I can't remember the name of the magazine I was readying (it was a few years ago) but they mentioned a company coming out with a Lexan bra/front coating for most cars. I was wondering if anyone else had heard anything about this, specifically for our cars?


----------



## ineedabeer (Dec 15, 2008)

well, while I was putting this post up I was searching the internet and finally happened across a company that does this. I know I'm going to do some more looking into this and see what users of the product have to say about it. Now my inquiry changes to, has anyone here used this?
XPEL Technologies Corp.: XPEL Clear Bra Paint Protection Products


----------



## alsgto04 (Nov 21, 2007)

I have no experience with this product but that is something i really want to add in the future. Nice find. :cheers


----------



## GTO JUDGE (May 14, 2005)

I have this product on my car. 
I had done:
Hood up to the scoops
Partial on the front fenders
Entire front end
Front lights
Fog lights
Rear view mirrors
Behind the front and rear wheels in the fender wells
Jim Wangers signed 2 spots under the hood. I applied the product over his signatures one being the fuel rail cover. It's holding fast despite the high heat build up
It is COSTLY but worth it. Ran me over 500.
These cars are highly susceptible to stone chipping. I don't worry about it now.

I credit this product for saving my front end from damage when a wayward raccoon T-boned my front L fascia.

Good product.


----------



## Northeast Rod Run (Oct 29, 2008)

clear bras are put onto lots of cars. they offer great protection, but the one thing that you have to realize is that there is a pretty heavy line (in my eyes) left where the bra ends.

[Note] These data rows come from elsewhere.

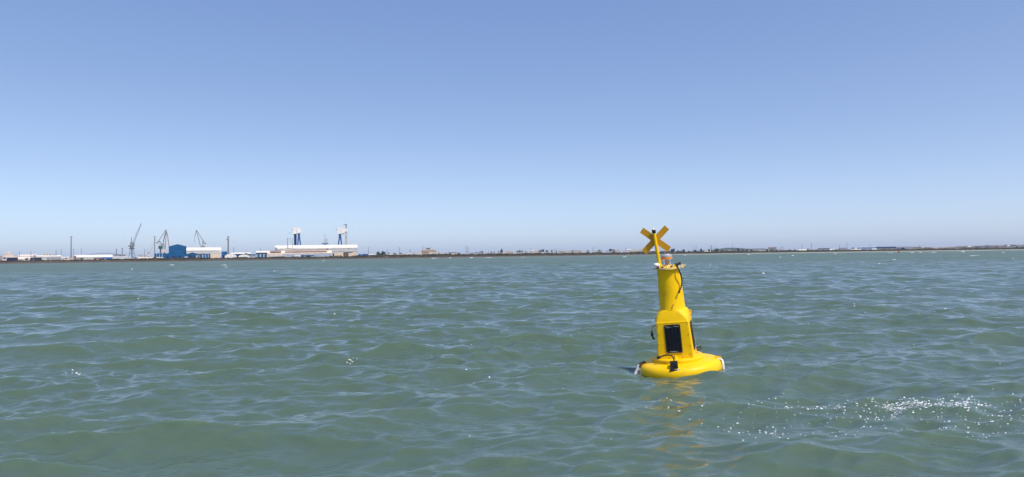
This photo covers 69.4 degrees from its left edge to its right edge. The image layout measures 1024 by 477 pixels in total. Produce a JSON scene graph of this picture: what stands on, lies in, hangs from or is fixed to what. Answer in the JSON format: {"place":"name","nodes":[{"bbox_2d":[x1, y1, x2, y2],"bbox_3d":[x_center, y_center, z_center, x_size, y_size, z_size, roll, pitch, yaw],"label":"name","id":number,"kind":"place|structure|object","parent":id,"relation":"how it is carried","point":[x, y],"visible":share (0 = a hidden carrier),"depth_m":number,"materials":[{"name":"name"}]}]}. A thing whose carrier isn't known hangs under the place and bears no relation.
{"place":"outdoors","nodes":[
{"label":"outdoors","id":0,"kind":"place"},
{"bbox_2d":[0,250,1023,476],"bbox_3d":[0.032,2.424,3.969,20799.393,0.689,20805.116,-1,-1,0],"label":"sea","id":1,"kind":"structure","parent":0,"point":[214,369],"depth_m":15.14,"materials":[{"name":"liquid"}]},
{"bbox_2d":[65,251,1022,438],"bbox_3d":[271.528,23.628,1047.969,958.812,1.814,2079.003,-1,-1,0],"label":"sea foam","id":2,"kind":"object","parent":1,"relation":"on","point":[845,403],"visible":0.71,"depth_m":10.87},
{"bbox_2d":[634,225,724,377],"bbox_3d":[3.335,1.377,14.720,1.603,3.283,1.608,0,-2,-34],"label":"marker buoy","id":3,"kind":"object","parent":1,"relation":"on","point":[679,354],"visible":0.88,"depth_m":14.43,"materials":[{"name":"yellow paint"}]},
{"bbox_2d":[0,249,1023,263],"bbox_3d":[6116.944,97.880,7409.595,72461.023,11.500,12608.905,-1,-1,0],"label":"shore ground","id":4,"kind":"structure","parent":0,"point":[94,261],"depth_m":2456.69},
{"bbox_2d":[0,252,17,260],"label":"warehouse","id":5,"kind":"structure","parent":4,"relation":"on","point":[8,256],"depth_m":1802.23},
{"bbox_2d":[18,257,29,260],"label":"workshop","id":6,"kind":"structure","parent":4,"relation":"on","point":[21,258],"depth_m":1816.55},
{"bbox_2d":[18,254,36,257],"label":"warehouse","id":7,"kind":"structure","parent":4,"relation":"on","point":[30,256],"depth_m":1933.53,"materials":[{"name":"white metal"}]},
{"bbox_2d":[33,255,61,259],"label":"warehouse","id":8,"kind":"structure","parent":4,"relation":"on","point":[44,257],"depth_m":1923.73,"materials":[{"name":"white metal"}]},
{"bbox_2d":[73,255,112,259],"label":"warehouse","id":9,"kind":"structure","parent":4,"relation":"on","point":[80,257],"depth_m":1971.06,"materials":[{"name":"metal"}]},
{"bbox_2d":[128,224,140,257],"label":"harbour crane","id":10,"kind":"object","parent":4,"relation":"on","point":[131,245],"visible":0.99,"depth_m":2031.28,"materials":[{"name":"grey metal"}]},
{"bbox_2d":[154,253,166,258],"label":"shipyard hall","id":11,"kind":"structure","parent":4,"relation":"on","point":[160,255],"depth_m":2088.53,"materials":[{"name":"blue metal"}]},
{"bbox_2d":[156,230,167,252],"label":"harbour crane","id":12,"kind":"object","parent":4,"relation":"on","point":[161,246],"visible":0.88,"depth_m":2106.70,"materials":[{"name":"grey metal"}]},
{"bbox_2d":[161,233,168,252],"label":"harbour crane","id":13,"kind":"object","parent":4,"relation":"on","point":[164,250],"visible":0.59,"depth_m":2226.14,"materials":[{"name":"metal"}]},
{"bbox_2d":[167,252,187,258],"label":"shipyard hall","id":14,"kind":"structure","parent":4,"relation":"on","point":[176,255],"depth_m":2116.57,"materials":[{"name":"blue metal"}]},
{"bbox_2d":[169,244,186,252],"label":"shipyard hall","id":15,"kind":"structure","parent":4,"relation":"on","point":[178,248],"depth_m":2210.28,"materials":[{"name":"blue metal"}]},
{"bbox_2d":[188,252,195,257],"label":"shipyard hall","id":16,"kind":"structure","parent":4,"relation":"on","point":[191,255],"depth_m":2160.92,"materials":[{"name":"blue metal"}]},
{"bbox_2d":[194,230,205,246],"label":"harbour crane","id":17,"kind":"object","parent":4,"relation":"on","point":[199,241],"visible":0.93,"depth_m":2315.37,"materials":[{"name":"grey metal"}]},
{"bbox_2d":[186,247,220,257],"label":"assembly hall","id":18,"kind":"structure","parent":4,"relation":"on","point":[214,252],"depth_m":2231.74,"materials":[{"name":"white metal"}]},
{"bbox_2d":[210,254,219,257],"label":"door","id":19,"kind":"structure","parent":18,"relation":"in","point":[211,255],"depth_m":2235.27,"materials":[{"name":"beige metal"}]},
{"bbox_2d":[199,254,209,257],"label":"striped building","id":20,"kind":"structure","parent":4,"relation":"on","point":[204,255],"depth_m":2170.66,"materials":[{"name":"blue metal"}]},
{"bbox_2d":[221,251,226,257],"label":"store","id":21,"kind":"structure","parent":4,"relation":"on","point":[223,253],"depth_m":2282.78,"materials":[{"name":"blue metal"}]},
{"bbox_2d":[225,254,236,257],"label":"tent hall","id":22,"kind":"structure","parent":4,"relation":"on","point":[230,255],"depth_m":2224.00,"materials":[{"name":"white fabric"}]},
{"bbox_2d":[231,252,250,256],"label":"workshop","id":23,"kind":"structure","parent":4,"relation":"on","point":[240,253],"depth_m":2317.26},
{"bbox_2d":[256,251,266,256],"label":"workshop","id":24,"kind":"structure","parent":4,"relation":"on","point":[261,253],"depth_m":2309.72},
{"bbox_2d":[290,227,300,244],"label":"gantry crane","id":25,"kind":"object","parent":4,"relation":"on","point":[296,231],"visible":0.76,"depth_m":2687.48,"materials":[{"name":"white metal"}]},
{"bbox_2d":[267,250,331,256],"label":"factory","id":26,"kind":"structure","parent":4,"relation":"on","point":[291,253],"depth_m":2386.05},
{"bbox_2d":[275,245,357,256],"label":"great hall","id":27,"kind":"structure","parent":4,"relation":"on","point":[344,250],"depth_m":2525.39,"materials":[{"name":"white metal"}]},
{"bbox_2d":[336,224,347,244],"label":"gantry crane","id":28,"kind":"object","parent":4,"relation":"on","point":[342,231],"visible":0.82,"depth_m":2754.40,"materials":[{"name":"white metal"}]},
{"bbox_2d":[421,247,435,255],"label":"stepped building","id":29,"kind":"structure","parent":4,"relation":"on","point":[428,251],"depth_m":2683.59,"materials":[{"name":"beige"}]},
{"bbox_2d":[0,247,1023,261],"bbox_3d":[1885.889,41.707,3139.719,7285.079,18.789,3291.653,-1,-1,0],"label":"scrub","id":30,"kind":"object","parent":4,"relation":"on","point":[506,254],"visible":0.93,"depth_m":2788.24,"materials":[{"name":"green plant"}]},
{"bbox_2d":[486,250,670,255],"bbox_3d":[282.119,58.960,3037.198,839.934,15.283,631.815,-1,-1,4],"label":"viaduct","id":31,"kind":"object","parent":4,"relation":"on","point":[575,251],"visible":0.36,"depth_m":3042.36,"materials":[{"name":"concrete"}]},
{"bbox_2d":[753,248,765,250],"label":"building","id":32,"kind":"structure","parent":4,"relation":"on","point":[758,249],"depth_m":3640.53,"materials":[{"name":"white concrete"}]},
{"bbox_2d":[861,246,876,249],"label":"factory","id":33,"kind":"structure","parent":4,"relation":"on","point":[866,247],"depth_m":4353.06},
{"bbox_2d":[876,247,895,249],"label":"factory","id":34,"kind":"structure","parent":4,"relation":"on","point":[877,248],"depth_m":4119.85,"materials":[{"name":"white"}]},
{"bbox_2d":[896,247,911,250],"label":"building","id":35,"kind":"structure","parent":4,"relation":"on","point":[903,248],"depth_m":4007.02,"materials":[{"name":"white"}]},
{"bbox_2d":[0,0,1023,257],"label":"sky","id":36,"kind":"structure","parent":0,"point":[459,126],"materials":[{"name":"blue"}]},
{"bbox_2d":[690,248,850,252],"bbox_3d":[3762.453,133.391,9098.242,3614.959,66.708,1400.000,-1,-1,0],"label":"hills","id":37,"kind":"structure","parent":0,"point":[733,249],"depth_m":8875.27,"materials":[{"name":"grey"}]}
]}

also, if you aren't one that takes the time to detail your car properly, that dividing line will get more pronounced if wax gets built up at the edge, plus you can never get it to shine as good as a non-covered car

these things are pretty good, but I'm just giving you a couple of other things to think about, so you can make an informed choice.


----------



## GTO JUDGE (May 14, 2005)

No problems with wax build up on the edges, I found its not like removing the wax in a crease with a finger nail to scrape it out. Merely wiping it removes it. You can wipe along the line easily. 

As far as the fine line.... It's not noticeable at a distance, up close it is on the hood and fender, but on the front end it isn't, however the fine line is more eye appealing than looking at the front end with a gazillion stone chips in it. You also don't have to fool around with a leather cover taking away from the appearance of the front end. I'd wrap the entire car in it if I had the $$ to allocate to it. Bug juice is easily removed with a wet cloth. No scrubbing with road tar remover or bug begone.


----------